*Task*: Without any pictures, output the records exactly as they are.

*Dataset excerpts*:

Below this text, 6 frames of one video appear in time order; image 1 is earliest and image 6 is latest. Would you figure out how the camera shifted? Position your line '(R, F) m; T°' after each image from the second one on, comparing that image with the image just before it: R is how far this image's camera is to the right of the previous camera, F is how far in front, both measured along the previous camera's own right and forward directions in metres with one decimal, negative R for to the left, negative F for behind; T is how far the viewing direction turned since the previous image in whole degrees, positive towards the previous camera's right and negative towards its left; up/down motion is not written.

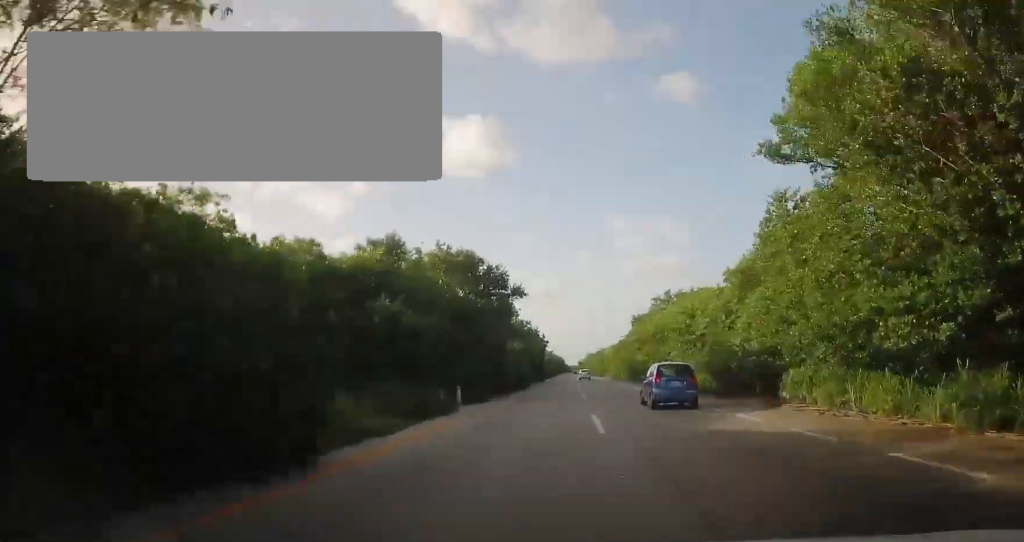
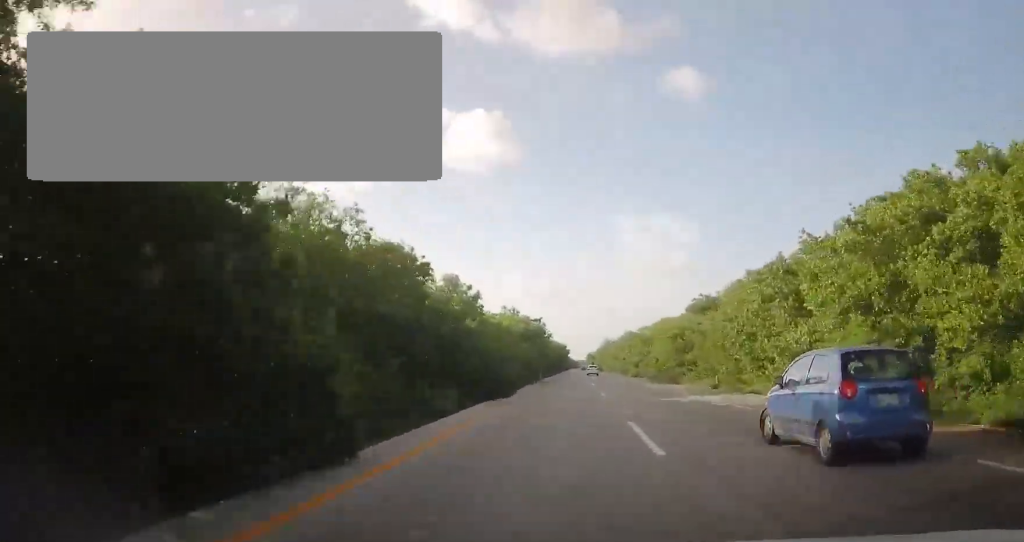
(+0.7, +81.2) m; 0°
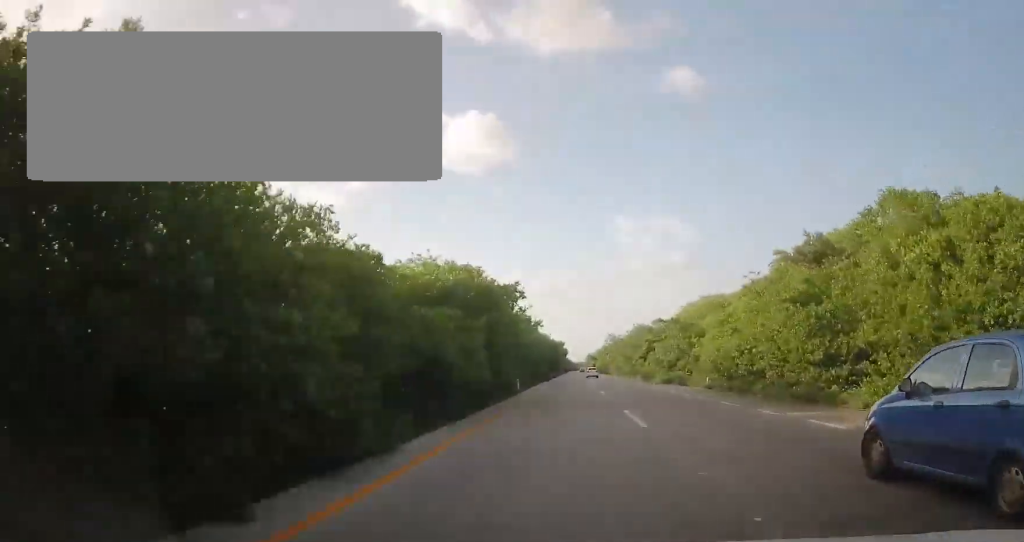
(0.0, +26.6) m; 0°
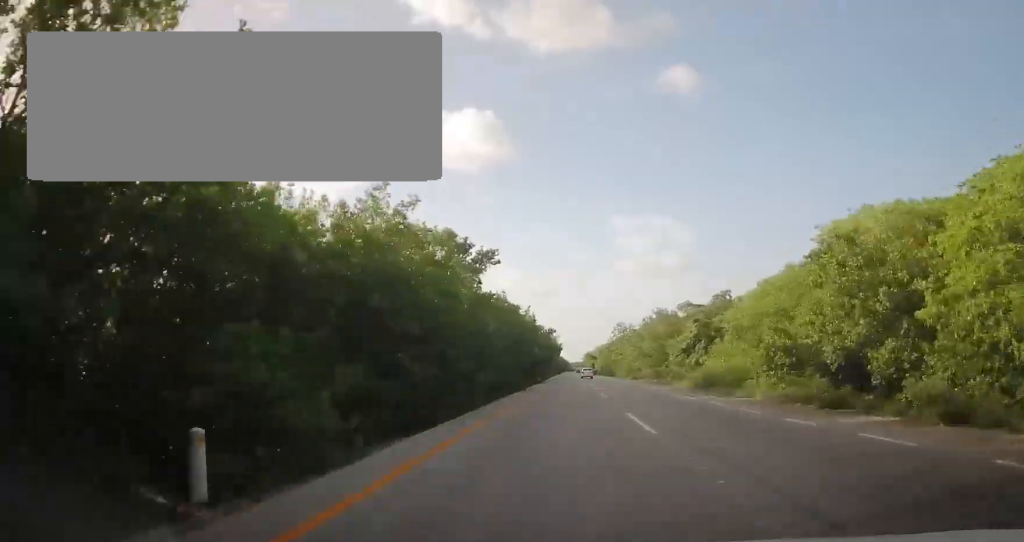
(0.0, +32.0) m; 0°
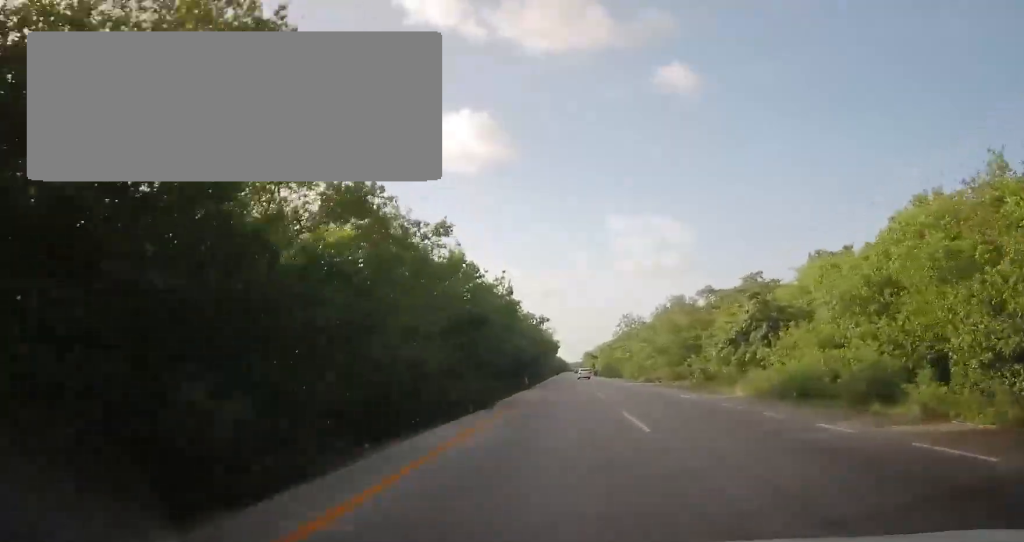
(-0.1, +14.8) m; 0°
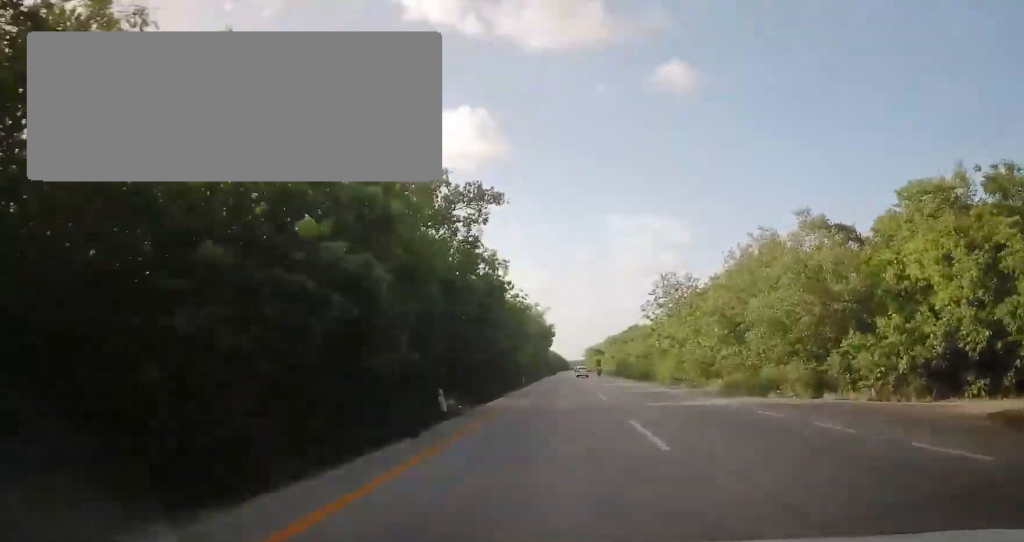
(+0.6, +33.4) m; +1°

*Answer to this problem*:
Below this text, 6 frames of one video appear in time order; image 1 is earliest and image 6 is latest. Would you figure out how the camera shifted? Position your line '(R, F) m; T°' after each image from the second one on, comparing that image with the image just before it: R is how far this image's camera is to the right of the previous camera, F is how far in front, both measured along the previous camera's own right and forward directions in metres with one decimal, negative R for to the left, negative F for behind; T is how far the viewing direction turned since the previous image in whole degrees, positive towards the previous camera's right and negative towards its left; up/down motion is not written.

(+0.7, +81.2) m; 0°
(0.0, +26.6) m; 0°
(0.0, +32.0) m; 0°
(-0.1, +14.8) m; 0°
(+0.6, +33.4) m; +1°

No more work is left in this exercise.